“Big Love”: The Natural Extension of “Gay Marriage”
I have some relatively libertarian leanings when it comes to some issues surrounding homosexuality. Unlike most of my evangelical friends, for instance, I supported–and do support–Clinton’s “Don’t Ask, Don’t Tell” policy toward the military. I don’t think that there ought to be laws forbidding private behavior (provided it is truly private), regardless of how I feel about the morality of such actions. Further, I don’t think it’s the state’s business who a person wants at his bedside when he’s dying, and I’d be in favor of legislation to provide certain “rights” when it comes to issues like that.
Where I draw a clear and uncompromising line, though, is “gay marriage”. There are a number of reasons this is so, and there are a number of arguments countered by its proponents on why we should allow such a redefinition of marriage. One of those arguments was made by Mike Farrell on O’Reilly a few nights back (and I paraphrase): “I don’t see how allowing ‘gay marriage’ affects my marriage one bit.” Well, Mike, think a little more deeply, because it certainly affects yours and every marriage in profound ways.
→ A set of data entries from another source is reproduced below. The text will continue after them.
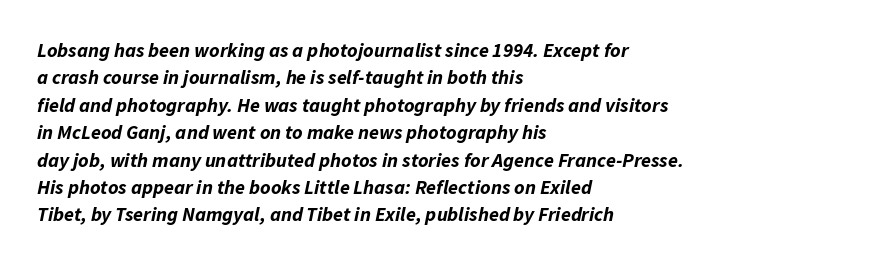
Q: Is the text bold? A: Yes.
Q: Is the text italic (slanted)? A: Yes, it leans right by about 11 degrees.
Q: Is the text underlined? A: No.
Q: How is the paragraph aligned? A: Left-aligned.
Q: Is the spacing between letters normal or unusually wide? A: Normal.
Q: Is the spacing between lines tight, normal or loose? A: Normal.
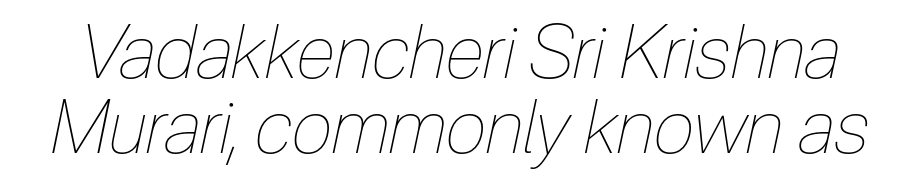
{"italic": "yes", "lean": "right", "slant_degrees": 12, "bold": "no", "weight": "thin", "width": "condensed", "stroke_contrast": "low", "x_height": "medium", "monospaced": "no", "underline": "no", "line_spacing": "tight", "line_spacing_ratio": 1.01, "letter_spacing": "normal", "letter_spacing_em": 0.0, "glyph_px": 74}

A case in point is this article by Maggie Gallagher detailing the already-slippery slope:
Hollywood Family Values
How does redefining marriage to allow two people of the same sex to be legally wed to each other hurt my marriage (and remember, that’s the issue when it comes to “gay marriage”; it’s not about equal rights, because every person in this country has equal rights already when it comes to marriage…period.)? Simple, really; it redefines marriage in a way so as to make it something I didn’t sign up for. The argument is made that marriage “is about two people who love each other”, which is silly on its face, and it really doesn’t take a rocket scientist to figure that out: I love my mother, my daughter, and my sister, all deeply, but I should not be allowed to marry any of them. Such a reductionist redefinition, accepted uncritically by so many, is what sets the stage for the shoddy arguments that the Mike Farrells of the world so blithely accept. I didn’t marry my wife understanding the very definition of marriage itself to be some great fill-in-the-blank to be silly-puttied into some other form later.
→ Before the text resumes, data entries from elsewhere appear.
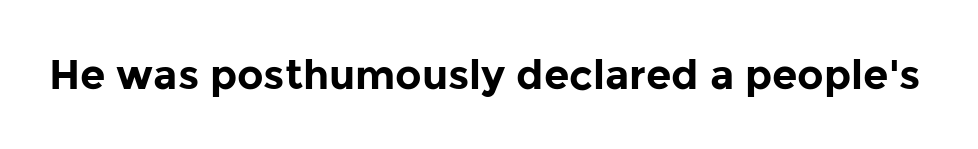
The lettering holds an erect, upright posture throughout. In terms of weight, the rendering is a true, heavy bold. Beneath every word, the page is bare. The type family on display is of the sans-serif kind. Does extra space separate the letters? No, they use regular spacing. Each letter keeps its own natural width here, so spacing adapts to shape.
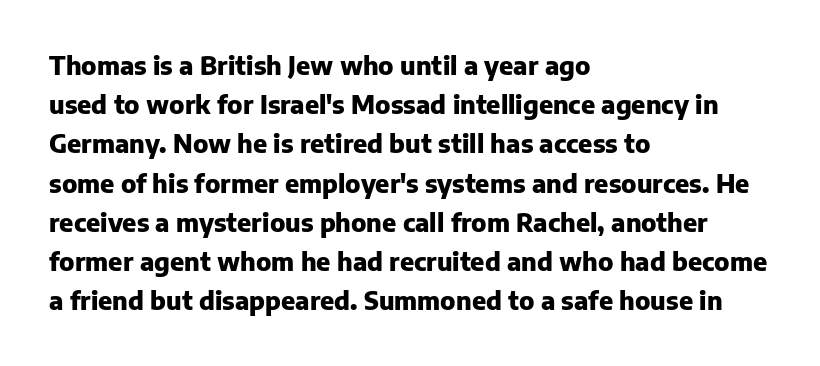
Q: Is the text bold? A: Yes.
Q: Is the text italic (slanted)? A: No, it is upright.
Q: Is the text underlined? A: No.
Q: How is the paragraph aligned? A: Left-aligned.
Q: Is the spacing between letters normal or unusually wide? A: Normal.
Q: Is the spacing between lines tight, normal or loose? A: Normal.

Further, as the above article demonstrates, it will lead–inevitably–to the eventual dissolution of marriage as we know it. Once we have radically redefined the very nature of marriage away from that which has been its definition everywhere since the beginning of time, (perhaps somewhere, sometime, there was a brief departure from this) then there is absolutely no logical stopping point: none. Polygamy is no more preposterous–and it has much more historical support–than “gay marriage”. To what could appeal be made–logically, ethically, morally–for the prohibition of polygamy, once we open the door to “gay marriage”? And after that, after we say, “well, it’s fine for a man to marry three women, or a woman to have five husbands”, then what logical, ethical, practical, or moral argument could be advanced against “group marriage”: four women and seven men, say? And then we come back to marriage–the real thing–and we ask, “what is its definition? What have we said when a man and a woman say, ‘we’re married’?” And the answer would be, “you’ve said nothing; whoopee; what’s the big deal?” For if marriage can be anything, then it is nothing. And the good folks at HBO are determined to push every envelope they can–so much for Hollywood and TV “reflecting” American society…
And those who do not see, in the push for “gay marriage”, that that is where things are surely headed, just aren’t looking nearly hard enough…
That’s why, Mr. Farrell, it greatly, greatly impacts your marriage for us to radically redefine the institution.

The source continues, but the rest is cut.